We have a president of France who is pro-U.S., has taken steps to have France re-join the NATO military alliance, and who has played a very active and constructive role in shaping the international response to the global economic crisis.

This same president of France has, with the chancellor of Germany, a woman, led an effort to promote a fiscally responsible response to the crisis, often admonishing the United States about its free-wheeling spending and over-aggressive market intervention.

We have the government of Sweden -- who we had been led to believe were practically so communist they were the last surviving member of the Warsaw Pact -- unhesitatingly refusing to bail out national auto icon Saab, while the ultra-capitalist U.S. sentimentally coddled the dying carcass of GM in its fiscal arms.

We have the Chinese, lectured by the entire world for gaming their currency not more than a year ago, proposing a new alternative currency and while no one is clamoring to sign up now, they are taking this idea and Chinese critiques of the U.S. economy very seriously. Because China is now the country with the cash and the U.S. is the country on the global dole.

We even have the U.S. secretary of state going to Mexico to discuss drug violence and actually acknowledging that demand in the United States is a principal driver of the problem that is currently such a corrosive force in that nation.

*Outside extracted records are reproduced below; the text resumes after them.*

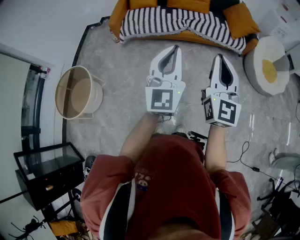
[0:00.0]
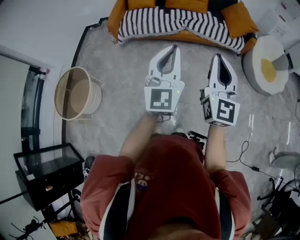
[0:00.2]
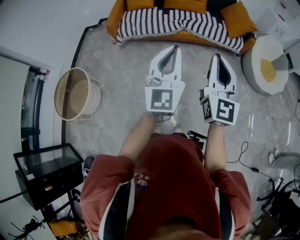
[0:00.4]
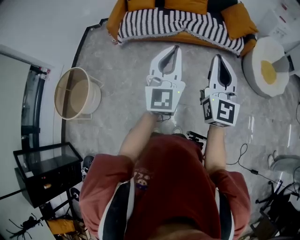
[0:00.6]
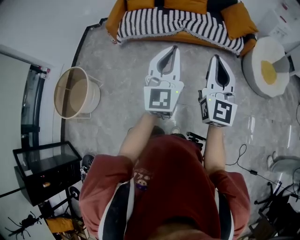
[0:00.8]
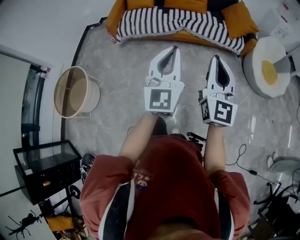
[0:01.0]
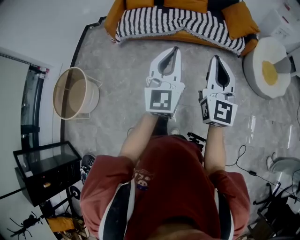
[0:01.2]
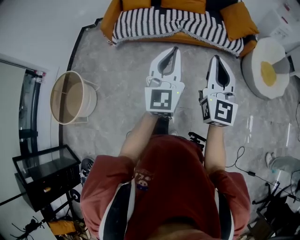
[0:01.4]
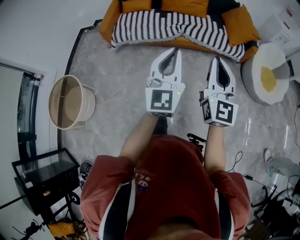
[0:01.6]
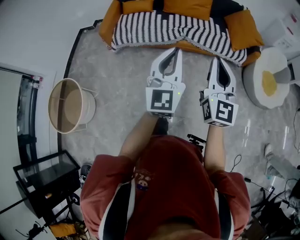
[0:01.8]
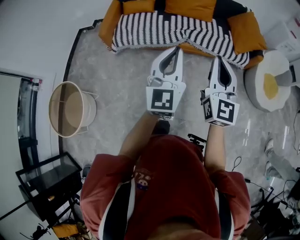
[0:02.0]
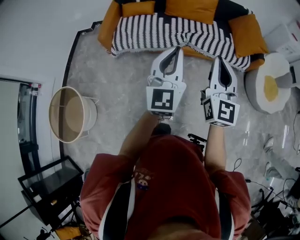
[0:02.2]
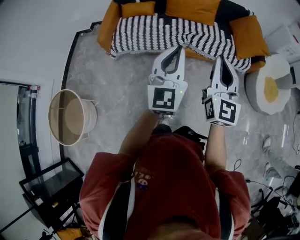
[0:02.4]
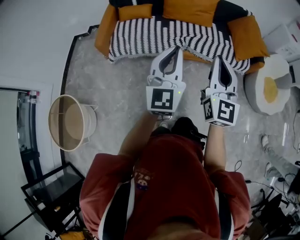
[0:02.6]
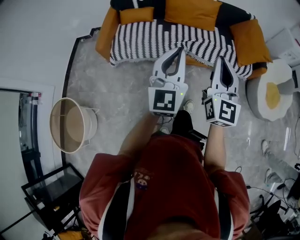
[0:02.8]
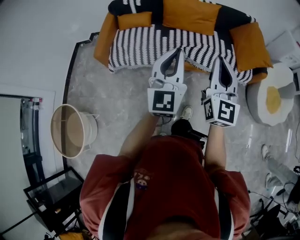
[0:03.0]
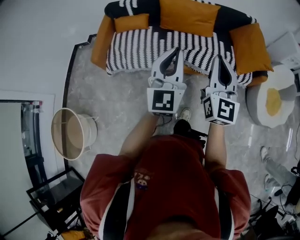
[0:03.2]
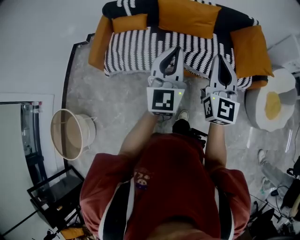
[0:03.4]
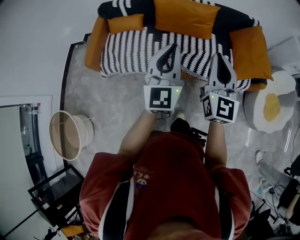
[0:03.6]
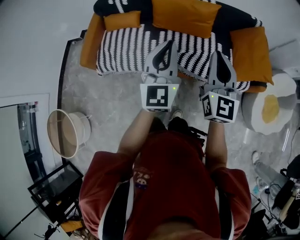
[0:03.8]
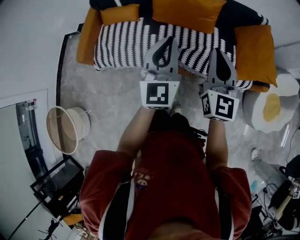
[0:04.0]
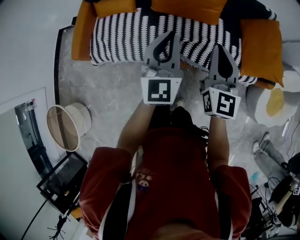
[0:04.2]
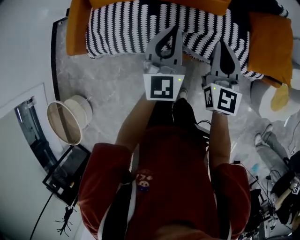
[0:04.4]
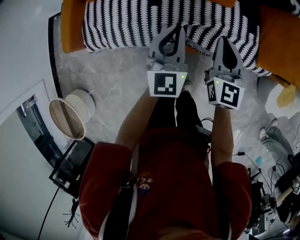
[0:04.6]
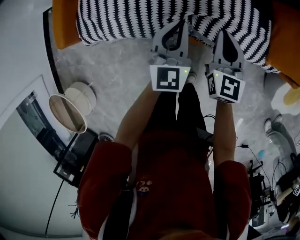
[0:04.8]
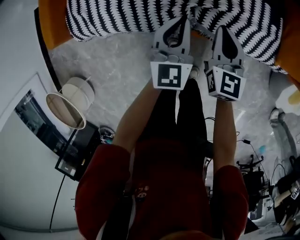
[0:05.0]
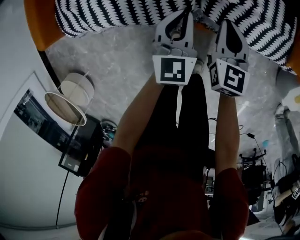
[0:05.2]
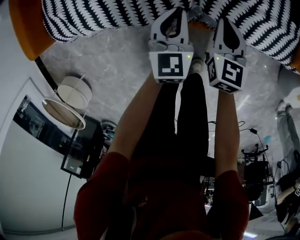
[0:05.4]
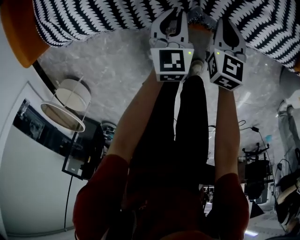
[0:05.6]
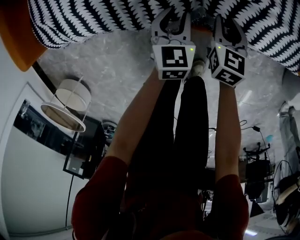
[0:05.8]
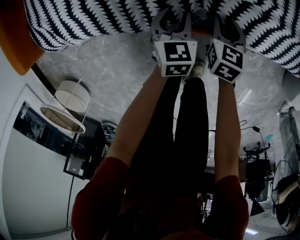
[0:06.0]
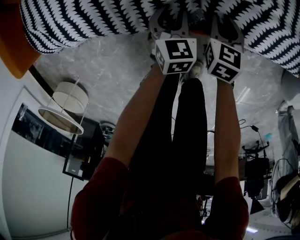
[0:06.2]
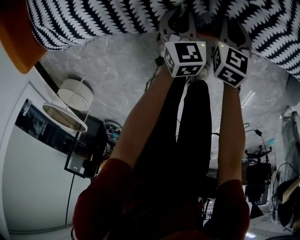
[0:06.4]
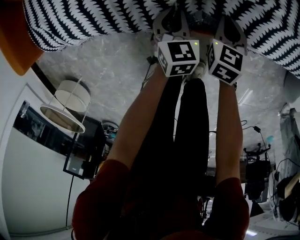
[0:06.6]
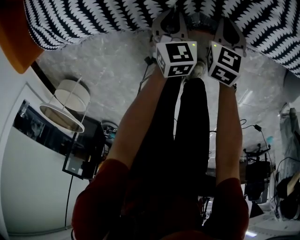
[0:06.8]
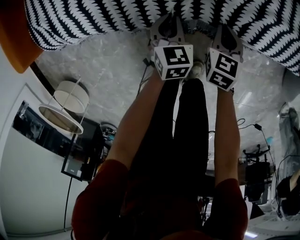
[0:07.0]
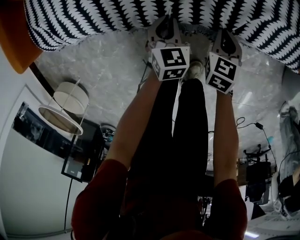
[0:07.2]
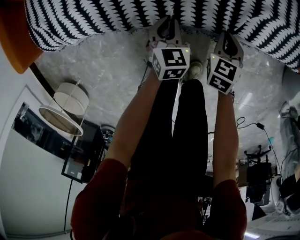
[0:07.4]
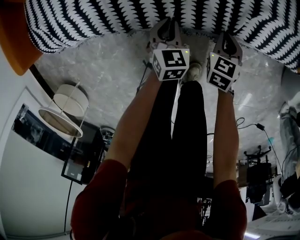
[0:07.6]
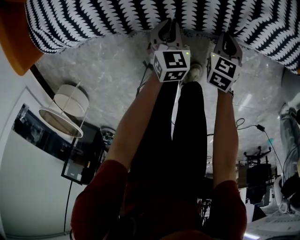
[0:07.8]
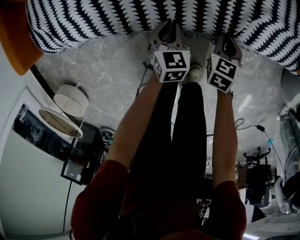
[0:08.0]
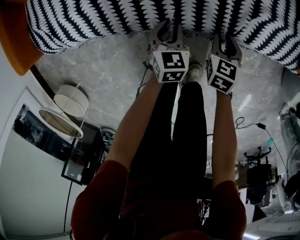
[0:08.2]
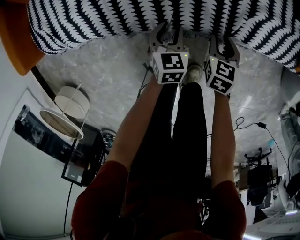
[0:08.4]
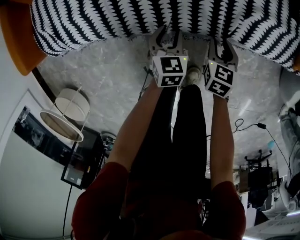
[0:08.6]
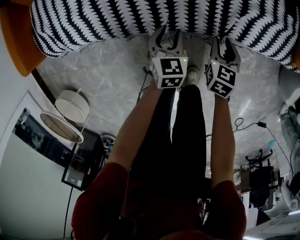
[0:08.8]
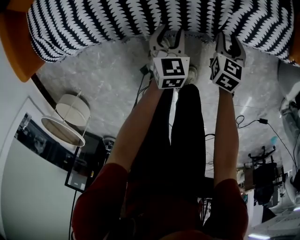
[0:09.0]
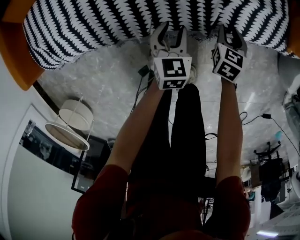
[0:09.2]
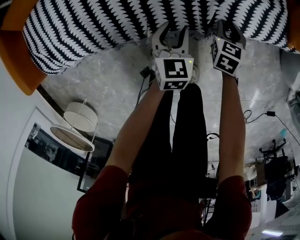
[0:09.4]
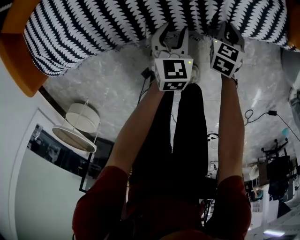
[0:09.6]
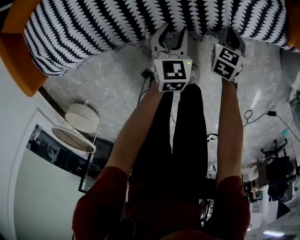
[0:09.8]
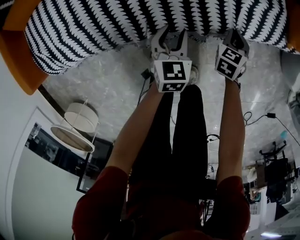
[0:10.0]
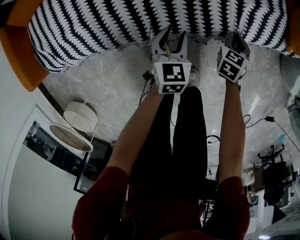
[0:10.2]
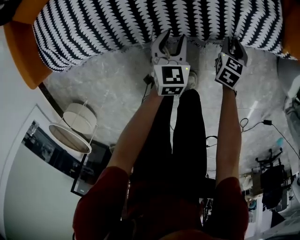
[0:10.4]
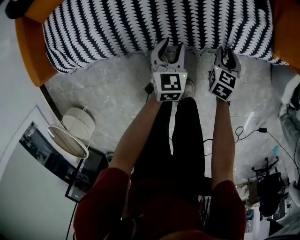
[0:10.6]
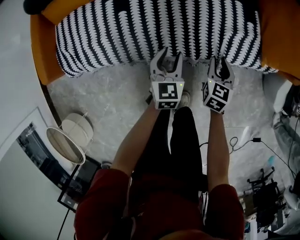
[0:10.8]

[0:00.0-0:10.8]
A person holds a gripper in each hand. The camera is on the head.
0:00.0 to 0:01.6: The grippers both shift forward by some 15 cm.
0:01.6 to 0:03.0: The grippers both shift forward by roughly 35 cm.
0:03.0 to 0:04.6: The pair of grippers is taken forward, some 40 cm. The grippers both shift downward by roughly 25 cm. The left gripper turns by about 20 degrees. The right gripper changes its angle by roughly 20 degrees.
0:04.6 to 0:06.2: Both grippers move downward, roughly 50 cm. The right gripper tips its fingers downward by approximately 40 degrees, and opens its fingers, while the left gripper tips its fingers downward by approximately 40 degrees, and opens.
0:06.2 to 0:07.8: The right gripper heads downward, backward and to the right, covering some 15 cm, and closes up, while the left gripper travels downward and backward by roughly 10 cm, and closes.
0:07.8 to 0:09.2: The right gripper heads to the right, covering about 5 cm, reaches about 10 cm upward, then returns, and opens its fingers; the left gripper shifts approximately 10 cm to the right and upward, and opens up.
0:09.2 to 0:10.8: Both grippers travel together upward, roughly 15 cm. The right gripper closes, then opens again.

In the midst of this crisis, we also will soon see a G20 Summit convene in London and while it is not sure they will agree on much, the one thing they seem unified about is giving more money to the IMF...an organization that has at best a mixed record, is despised throughout the developing world and which was widely considered to be so irrelevant as recently as a year ago that there were some who thought the best answer might be to just turn out the lights and convert the whole headquarters building into condos. 

The U.S. has finally broken through a wall of prejudice and elected the first African American president, Jaguar and Land Rover are Indian car companies, Japan just beat Korea in a World Baseball Classic Championship Game from which the U.S. was shut out, and the very best basketball player in the world is Jewish.

Ok, of all these things, only the last one isn't true. We have gone through the looking glass. And as it turns out, reading those Legion of Super-Heroes comics may have been better preparation for today's world than even our lively family discussions of the Memoirs of Clive of India. Except of course, there are no super heroes anywhere to be seen and we could really use a few.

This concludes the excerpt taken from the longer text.